» WHAT IS REQUIRED: Find the line with "Q: Is the text underlined? A: No." in the records below. Copy it and every line after it, up to and including the line with "Q: Is the spacing between lines".

Stored data entries

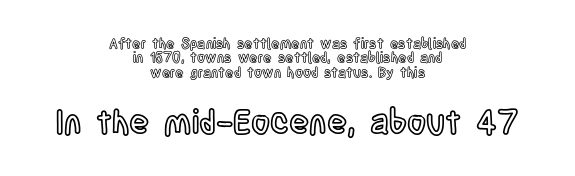
Q: Is the text italic (slanted)? A: No, it is upright.
Q: Is the text underlined? A: No.
Q: How is the paragraph aligned? A: Centered.
Q: Is the spacing between letters normal or unusually wide? A: Normal.
Q: Is the spacing between lines tight, normal or loose? A: Tight.
Q: Which block of text is set in a larger size, the first (top) or the second (bottom)? A: The second (bottom) one.
Q: Width (condensed, normal, or wide)? A: Condensed.
Q: x-height? A: Large.
Q: Monospaced? A: No.

» SOLUTION BELOW:
Q: Is the text underlined? A: No.
Q: How is the paragraph aligned? A: Centered.
Q: Is the spacing between letters normal or unusually wide? A: Normal.
Q: Is the spacing between lines tight, normal or loose? A: Tight.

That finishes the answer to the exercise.